BRIEF DESCRIPTION OF THE DRAWINGS
[0016] FIG. 1 shows an example mobile drilling unit and placement
of sensors on the unit that are used in connection with a system
and method according to the invention.
[0017] FIG. 2 shows an example time recoding sequence for various
drilling unit operations.
[0018] FIG. 3 shows an example data display of recorded times
according to an example data recording sequence.
[0019] FIG. 4 shows an example of a floating mobile drilling unit
that may be used with other examples of a system and method
according to the invention.
DETAILED DESCRIPTION
[0020] The invention will be described below first with reference
to certain types of "bottom supported" mobile offshore drilling
units. Later examples will be described in terms of mobile offshore
drilling units that include a floating structure or platform that
supports a drilling rig and associated equipment. Accordingly, it
is to be clearly understood that the scope of the invention is not
limited to particular types of drilling units. The principles of
the invention are equally applicable to any type of drilling unit
that is movable from one drilling location to another, including
"platform" rigs (rigs that are disposed on a fixed-position, water
bottom supported structure) and requires certain acts to be
performed to prepare the unit for drilling and for moving to a
different drilling location.
[0021] An example mobile offshore drilling unit is shown in FIG. 1
at 10. The drilling unit 10 in the present example is called a
"jackup" drilling unit. Such drilling units are supported at the
water bottom 20 by legs 12 that can be moved along their
longitudinal direction with respect to a hull 16 of the drilling
unit by operating jacking motors 12B. The jacking motors 12B each
turn a respective gear unit (not shown) the output of which is in
contact with a rack 12A or similar linear gear-toothed structure.
Other types of jackup drilling rigs may use a pinhole/hydraulic
jacking system to move the legs, for example. The legs 12 each
include a "spud can" 12C at a bottom end thereof for contacting the
water bottom 20 and supporting the weight of the drilling unit 10.
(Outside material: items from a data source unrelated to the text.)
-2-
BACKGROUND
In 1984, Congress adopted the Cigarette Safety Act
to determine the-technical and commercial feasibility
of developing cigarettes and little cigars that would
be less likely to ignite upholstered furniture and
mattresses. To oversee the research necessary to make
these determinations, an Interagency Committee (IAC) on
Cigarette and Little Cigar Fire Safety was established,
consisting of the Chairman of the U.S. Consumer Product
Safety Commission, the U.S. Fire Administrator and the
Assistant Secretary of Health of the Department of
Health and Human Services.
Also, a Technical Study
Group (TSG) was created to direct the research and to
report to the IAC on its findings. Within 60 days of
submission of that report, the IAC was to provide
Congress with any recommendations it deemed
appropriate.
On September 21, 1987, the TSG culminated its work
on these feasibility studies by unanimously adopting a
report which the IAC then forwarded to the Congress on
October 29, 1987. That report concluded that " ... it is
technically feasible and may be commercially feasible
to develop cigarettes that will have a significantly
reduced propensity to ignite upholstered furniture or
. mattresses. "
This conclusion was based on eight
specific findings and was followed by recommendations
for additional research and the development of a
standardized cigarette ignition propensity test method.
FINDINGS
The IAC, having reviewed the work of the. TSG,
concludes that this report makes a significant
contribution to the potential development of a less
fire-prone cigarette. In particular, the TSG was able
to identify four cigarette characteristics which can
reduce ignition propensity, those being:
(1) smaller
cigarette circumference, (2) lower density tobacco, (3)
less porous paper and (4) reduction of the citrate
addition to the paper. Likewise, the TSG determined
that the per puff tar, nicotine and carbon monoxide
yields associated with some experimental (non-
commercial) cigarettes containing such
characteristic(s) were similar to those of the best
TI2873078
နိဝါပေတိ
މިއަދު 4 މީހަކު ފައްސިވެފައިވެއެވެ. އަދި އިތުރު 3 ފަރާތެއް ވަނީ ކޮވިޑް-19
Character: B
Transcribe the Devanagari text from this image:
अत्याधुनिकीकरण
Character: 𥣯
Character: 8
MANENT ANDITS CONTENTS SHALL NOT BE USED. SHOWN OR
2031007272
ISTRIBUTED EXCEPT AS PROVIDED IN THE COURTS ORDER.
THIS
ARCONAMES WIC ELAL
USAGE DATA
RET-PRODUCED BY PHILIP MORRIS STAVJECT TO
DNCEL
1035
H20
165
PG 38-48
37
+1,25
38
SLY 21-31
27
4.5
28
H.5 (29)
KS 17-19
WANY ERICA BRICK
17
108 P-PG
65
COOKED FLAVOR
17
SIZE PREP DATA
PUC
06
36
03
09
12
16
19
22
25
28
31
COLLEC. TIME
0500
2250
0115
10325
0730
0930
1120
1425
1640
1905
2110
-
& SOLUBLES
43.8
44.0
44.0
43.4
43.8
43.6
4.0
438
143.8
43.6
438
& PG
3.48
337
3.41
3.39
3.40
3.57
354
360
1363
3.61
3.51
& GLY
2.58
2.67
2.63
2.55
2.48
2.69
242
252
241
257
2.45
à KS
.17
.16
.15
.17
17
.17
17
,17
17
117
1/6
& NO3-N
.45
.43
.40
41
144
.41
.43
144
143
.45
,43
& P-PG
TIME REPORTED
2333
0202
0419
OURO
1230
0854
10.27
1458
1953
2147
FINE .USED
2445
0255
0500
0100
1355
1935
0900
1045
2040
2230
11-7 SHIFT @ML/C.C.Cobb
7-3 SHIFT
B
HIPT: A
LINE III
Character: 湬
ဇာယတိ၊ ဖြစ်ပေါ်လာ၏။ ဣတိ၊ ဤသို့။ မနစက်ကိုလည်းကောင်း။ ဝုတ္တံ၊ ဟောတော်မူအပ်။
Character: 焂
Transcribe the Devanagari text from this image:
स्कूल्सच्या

During set up of the drilling unit 10 on a well location, the hull
16 floats and is moved in to the selected location by tug boats or
similar towing vessels as the legs 12 are maintained substantially
in their uppermost position with respect to the hull 16.
[0022] When the unit 10 is disposed at the selected location, the
hull 16 is positioned both geodetically and with the hull 16 in a
preferred geodetic orientation. The legs 12 are moved
longitudinally (called "jacking") using the jacking motors 12B (or
hydraulic motors in hydraulically jacked leg examples). Downward
movement of the legs 12 with respect to the hull 16 eventually
causes the spud cans 12C to contact the water bottom 20. When the
spud cans 12C contact the water bottom 20, continued jacking of the
legs 12 causes the hull 16 to move upwardly out of the water. The
jacking continues until the hull 16 is positioned at a selected
height ("air gap") 22 above the mean water surface 18.
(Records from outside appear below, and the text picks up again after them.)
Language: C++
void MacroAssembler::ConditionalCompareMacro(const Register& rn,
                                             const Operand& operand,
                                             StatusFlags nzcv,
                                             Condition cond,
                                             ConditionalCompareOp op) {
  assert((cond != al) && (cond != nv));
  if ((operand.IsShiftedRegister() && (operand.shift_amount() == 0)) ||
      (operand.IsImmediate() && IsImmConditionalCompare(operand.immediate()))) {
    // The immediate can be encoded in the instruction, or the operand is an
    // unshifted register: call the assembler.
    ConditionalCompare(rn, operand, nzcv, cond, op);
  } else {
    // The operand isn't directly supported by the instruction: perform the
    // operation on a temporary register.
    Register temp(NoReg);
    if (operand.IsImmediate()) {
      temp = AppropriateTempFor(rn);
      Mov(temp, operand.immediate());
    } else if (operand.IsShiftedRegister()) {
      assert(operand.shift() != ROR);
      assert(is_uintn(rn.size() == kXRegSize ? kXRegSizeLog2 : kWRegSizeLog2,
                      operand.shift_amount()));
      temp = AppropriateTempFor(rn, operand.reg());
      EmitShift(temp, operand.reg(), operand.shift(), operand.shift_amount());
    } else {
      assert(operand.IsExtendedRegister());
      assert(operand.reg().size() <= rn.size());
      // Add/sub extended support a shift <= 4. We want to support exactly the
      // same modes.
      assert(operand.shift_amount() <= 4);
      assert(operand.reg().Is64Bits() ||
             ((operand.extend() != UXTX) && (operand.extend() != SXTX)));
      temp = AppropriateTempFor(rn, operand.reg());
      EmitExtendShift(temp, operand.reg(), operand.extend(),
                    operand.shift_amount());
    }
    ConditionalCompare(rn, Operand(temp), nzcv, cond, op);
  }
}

[0023] When the selected air gap 22 is obtained, a cantilever
structure ("cantilever") 14 may be laterally displaced from its
transport position generally over the hull 16. Such lateral
displacement, called "skidding out" the cantilever 14, can be
performed by a cantilever skid motor 14B that rotates a gear (not
shown) in contact with a cantilever skid rack 14A. Other examples
of a cantilever may use a pinhole/hydraulic skidding unit in
contact with the cantilever skid rack 14A. The skid out continues
until a drilling rig 29, supported generally near the outward end
of the cantilever 14, is positioned over a proposed well location
31 on the water bottom 20. The drilling rig 29 may include pipe
lifting, supporting and rotating devices familiar to those skilled
in the art, for example, a derrick 24 in which is included a
tubular or pipe rack 32 to vertically support assembled "stands" of
tubulars 34 used in wellbore drilling, testing and completion
operations. The rig 29 may include a winch called a drawworks 26
that spools and unspools wire rope or cable, called "drill line"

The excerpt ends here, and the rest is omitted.